Task details
All entries below are to be retyped in full, precisely as they appear.

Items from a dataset
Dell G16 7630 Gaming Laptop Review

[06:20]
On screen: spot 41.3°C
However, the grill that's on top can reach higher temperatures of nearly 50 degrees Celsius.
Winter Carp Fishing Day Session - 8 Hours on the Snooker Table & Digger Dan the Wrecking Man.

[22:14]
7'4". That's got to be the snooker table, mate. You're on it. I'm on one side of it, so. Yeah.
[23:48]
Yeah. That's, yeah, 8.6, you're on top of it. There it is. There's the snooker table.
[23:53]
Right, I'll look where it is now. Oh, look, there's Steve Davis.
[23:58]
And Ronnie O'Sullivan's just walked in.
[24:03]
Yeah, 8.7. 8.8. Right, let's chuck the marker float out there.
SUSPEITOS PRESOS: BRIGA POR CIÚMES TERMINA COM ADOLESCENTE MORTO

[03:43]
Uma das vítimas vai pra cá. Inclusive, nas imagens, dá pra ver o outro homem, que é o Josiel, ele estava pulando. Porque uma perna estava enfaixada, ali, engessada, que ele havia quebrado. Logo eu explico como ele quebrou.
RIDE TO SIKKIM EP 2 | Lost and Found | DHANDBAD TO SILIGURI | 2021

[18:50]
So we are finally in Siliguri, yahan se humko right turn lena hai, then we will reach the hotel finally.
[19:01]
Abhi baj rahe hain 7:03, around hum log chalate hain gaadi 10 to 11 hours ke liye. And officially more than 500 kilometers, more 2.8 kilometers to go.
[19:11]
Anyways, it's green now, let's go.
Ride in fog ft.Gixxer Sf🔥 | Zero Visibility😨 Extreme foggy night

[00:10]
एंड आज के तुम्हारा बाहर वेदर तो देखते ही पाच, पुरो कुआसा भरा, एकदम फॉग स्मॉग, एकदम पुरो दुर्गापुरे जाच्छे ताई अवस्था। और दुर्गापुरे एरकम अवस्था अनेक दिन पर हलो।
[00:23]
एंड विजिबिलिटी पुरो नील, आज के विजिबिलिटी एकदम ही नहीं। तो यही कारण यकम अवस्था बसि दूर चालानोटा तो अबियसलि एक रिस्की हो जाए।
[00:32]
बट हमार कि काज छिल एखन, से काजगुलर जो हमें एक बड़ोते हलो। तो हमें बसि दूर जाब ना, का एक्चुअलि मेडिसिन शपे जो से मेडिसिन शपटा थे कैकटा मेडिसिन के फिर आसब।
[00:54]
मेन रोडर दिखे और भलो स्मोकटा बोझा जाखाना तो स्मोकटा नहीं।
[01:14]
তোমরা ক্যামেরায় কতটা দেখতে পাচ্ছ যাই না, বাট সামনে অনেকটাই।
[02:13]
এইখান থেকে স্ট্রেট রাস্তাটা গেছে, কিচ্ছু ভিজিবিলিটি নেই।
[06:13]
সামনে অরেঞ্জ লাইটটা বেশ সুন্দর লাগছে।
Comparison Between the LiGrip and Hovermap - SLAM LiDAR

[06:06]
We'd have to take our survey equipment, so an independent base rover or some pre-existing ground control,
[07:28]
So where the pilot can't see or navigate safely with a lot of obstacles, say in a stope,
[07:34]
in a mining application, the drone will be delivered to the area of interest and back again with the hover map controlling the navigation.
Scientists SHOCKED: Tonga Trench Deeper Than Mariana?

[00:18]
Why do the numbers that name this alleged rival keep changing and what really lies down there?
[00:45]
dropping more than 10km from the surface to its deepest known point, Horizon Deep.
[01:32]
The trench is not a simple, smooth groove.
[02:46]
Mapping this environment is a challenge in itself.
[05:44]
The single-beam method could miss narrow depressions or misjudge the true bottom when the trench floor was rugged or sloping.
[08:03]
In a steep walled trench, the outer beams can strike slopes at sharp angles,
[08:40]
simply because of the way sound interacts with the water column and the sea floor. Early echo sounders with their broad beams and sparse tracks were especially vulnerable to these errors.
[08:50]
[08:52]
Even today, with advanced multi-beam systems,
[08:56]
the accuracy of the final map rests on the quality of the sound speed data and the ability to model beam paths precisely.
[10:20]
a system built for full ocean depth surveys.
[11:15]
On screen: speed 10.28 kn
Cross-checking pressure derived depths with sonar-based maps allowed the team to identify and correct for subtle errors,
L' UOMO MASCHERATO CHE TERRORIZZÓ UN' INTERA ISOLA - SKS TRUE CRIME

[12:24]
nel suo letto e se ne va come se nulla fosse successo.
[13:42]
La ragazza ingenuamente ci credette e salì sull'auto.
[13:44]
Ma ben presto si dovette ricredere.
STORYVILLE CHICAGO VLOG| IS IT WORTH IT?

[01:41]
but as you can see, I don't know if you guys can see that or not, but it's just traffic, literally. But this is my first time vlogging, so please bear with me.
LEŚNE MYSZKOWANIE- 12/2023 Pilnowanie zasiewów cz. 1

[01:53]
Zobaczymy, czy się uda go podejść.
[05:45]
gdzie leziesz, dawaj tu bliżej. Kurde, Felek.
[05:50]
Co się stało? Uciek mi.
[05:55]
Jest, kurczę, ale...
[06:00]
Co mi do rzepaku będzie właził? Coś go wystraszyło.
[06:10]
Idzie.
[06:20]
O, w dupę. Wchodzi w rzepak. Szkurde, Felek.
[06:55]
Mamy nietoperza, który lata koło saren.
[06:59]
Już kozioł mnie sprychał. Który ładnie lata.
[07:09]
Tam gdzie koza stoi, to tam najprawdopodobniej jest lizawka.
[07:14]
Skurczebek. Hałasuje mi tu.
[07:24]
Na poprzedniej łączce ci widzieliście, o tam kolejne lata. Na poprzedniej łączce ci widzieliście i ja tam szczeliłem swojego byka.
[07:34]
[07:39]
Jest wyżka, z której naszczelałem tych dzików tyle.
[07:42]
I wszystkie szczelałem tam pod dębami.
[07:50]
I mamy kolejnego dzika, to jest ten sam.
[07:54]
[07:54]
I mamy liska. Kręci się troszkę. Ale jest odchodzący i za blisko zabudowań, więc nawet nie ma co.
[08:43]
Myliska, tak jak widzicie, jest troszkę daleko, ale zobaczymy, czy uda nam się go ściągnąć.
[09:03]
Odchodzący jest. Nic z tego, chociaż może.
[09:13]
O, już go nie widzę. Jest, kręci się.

Solution to this task
Dell G16 7630 Gaming Laptop Review

[06:20]
On screen: spot 41.3°C
However, the grill that's on top can reach higher temperatures of nearly 50 degrees Celsius.
Winter Carp Fishing Day Session - 8 Hours on the Snooker Table & Digger Dan the Wrecking Man.

[22:14]
7'4". That's got to be the snooker table, mate. You're on it. I'm on one side of it, so. Yeah.
[23:48]
Yeah. That's, yeah, 8.6, you're on top of it. There it is. There's the snooker table.
[23:53]
Right, I'll look where it is now. Oh, look, there's Steve Davis.
[23:58]
And Ronnie O'Sullivan's just walked in.
[24:03]
Yeah, 8.7. 8.8. Right, let's chuck the marker float out there.
SUSPEITOS PRESOS: BRIGA POR CIÚMES TERMINA COM ADOLESCENTE MORTO

[03:43]
Uma das vítimas vai pra cá. Inclusive, nas imagens, dá pra ver o outro homem, que é o Josiel, ele estava pulando. Porque uma perna estava enfaixada, ali, engessada, que ele havia quebrado. Logo eu explico como ele quebrou.
RIDE TO SIKKIM EP 2 | Lost and Found | DHANDBAD TO SILIGURI | 2021

[18:50]
So we are finally in Siliguri, yahan se humko right turn lena hai, then we will reach the hotel finally.
[19:01]
Abhi baj rahe hain 7:03, around hum log chalate hain gaadi 10 to 11 hours ke liye. And officially more than 500 kilometers, more 2.8 kilometers to go.
[19:11]
Anyways, it's green now, let's go.
Ride in fog ft.Gixxer Sf🔥 | Zero Visibility😨 Extreme foggy night

[00:10]
एंड आज के तुम्हारा बाहर वेदर तो देखते ही पाच, पुरो कुआसा भरा, एकदम फॉग स्मॉग, एकदम पुरो दुर्गापुरे जाच्छे ताई अवस्था। और दुर्गापुरे एरकम अवस्था अनेक दिन पर हलो।
[00:23]
एंड विजिबिलिटी पुरो नील, आज के विजिबिलिटी एकदम ही नहीं। तो यही कारण यकम अवस्था बसि दूर चालानोटा तो अबियसलि एक रिस्की हो जाए।
[00:32]
बट हमार कि काज छिल एखन, से काजगुलर जो हमें एक बड़ोते हलो। तो हमें बसि दूर जाब ना, का एक्चुअलि मेडिसिन शपे जो से मेडिसिन शपटा थे कैकटा मेडिसिन के फिर आसब।
[00:54]
मेन रोडर दिखे और भलो स्मोकटा बोझा जाखाना तो स्मोकटा नहीं।
[01:14]
তোমরা ক্যামেরায় কতটা দেখতে পাচ্ছ যাই না, বাট সামনে অনেকটাই।
[02:13]
এইখান থেকে স্ট্রেট রাস্তাটা গেছে, কিচ্ছু ভিজিবিলিটি নেই।
[06:13]
সামনে অরেঞ্জ লাইটটা বেশ সুন্দর লাগছে।
Comparison Between the LiGrip and Hovermap - SLAM LiDAR

[06:06]
We'd have to take our survey equipment, so an independent base rover or some pre-existing ground control,
[07:28]
So where the pilot can't see or navigate safely with a lot of obstacles, say in a stope,
[07:34]
in a mining application, the drone will be delivered to the area of interest and back again with the hover map controlling the navigation.
Scientists SHOCKED: Tonga Trench Deeper Than Mariana?

[00:18]
Why do the numbers that name this alleged rival keep changing and what really lies down there?
[00:45]
dropping more than 10km from the surface to its deepest known point, Horizon Deep.
[01:32]
The trench is not a simple, smooth groove.
[02:46]
Mapping this environment is a challenge in itself.
[05:44]
The single-beam method could miss narrow depressions or misjudge the true bottom when the trench floor was rugged or sloping.
[08:03]
In a steep walled trench, the outer beams can strike slopes at sharp angles,
[08:40]
simply because of the way sound interacts with the water column and the sea floor. Early echo sounders with their broad beams and sparse tracks were especially vulnerable to these errors.
[08:50]
[08:52]
Even today, with advanced multi-beam systems,
[08:56]
the accuracy of the final map rests on the quality of the sound speed data and the ability to model beam paths precisely.
[10:20]
a system built for full ocean depth surveys.
[11:15]
On screen: speed 10.28 kn
Cross-checking pressure derived depths with sonar-based maps allowed the team to identify and correct for subtle errors,
L' UOMO MASCHERATO CHE TERRORIZZÓ UN' INTERA ISOLA - SKS TRUE CRIME

[12:24]
nel suo letto e se ne va come se nulla fosse successo.
[13:42]
La ragazza ingenuamente ci credette e salì sull'auto.
[13:44]
Ma ben presto si dovette ricredere.
STORYVILLE CHICAGO VLOG| IS IT WORTH IT?

[01:41]
but as you can see, I don't know if you guys can see that or not, but it's just traffic, literally. But this is my first time vlogging, so please bear with me.
LEŚNE MYSZKOWANIE- 12/2023 Pilnowanie zasiewów cz. 1

[01:53]
Zobaczymy, czy się uda go podejść.
[05:45]
gdzie leziesz, dawaj tu bliżej. Kurde, Felek.
[05:50]
Co się stało? Uciek mi.
[05:55]
Jest, kurczę, ale...
[06:00]
Co mi do rzepaku będzie właził? Coś go wystraszyło.
[06:10]
Idzie.
[06:20]
O, w dupę. Wchodzi w rzepak. Szkurde, Felek.
[06:55]
Mamy nietoperza, który lata koło saren.
[06:59]
Już kozioł mnie sprychał. Który ładnie lata.
[07:09]
Tam gdzie koza stoi, to tam najprawdopodobniej jest lizawka.
[07:14]
Skurczebek. Hałasuje mi tu.
[07:24]
Na poprzedniej łączce ci widzieliście, o tam kolejne lata. Na poprzedniej łączce ci widzieliście i ja tam szczeliłem swojego byka.
[07:34]
[07:39]
Jest wyżka, z której naszczelałem tych dzików tyle.
[07:42]
I wszystkie szczelałem tam pod dębami.
[07:50]
I mamy kolejnego dzika, to jest ten sam.
[07:54]
[07:54]
I mamy liska. Kręci się troszkę. Ale jest odchodzący i za blisko zabudowań, więc nawet nie ma co.
[08:43]
Myliska, tak jak widzicie, jest troszkę daleko, ale zobaczymy, czy uda nam się go ściągnąć.
[09:03]
Odchodzący jest. Nic z tego, chociaż może.
[09:13]
O, już go nie widzę. Jest, kręci się.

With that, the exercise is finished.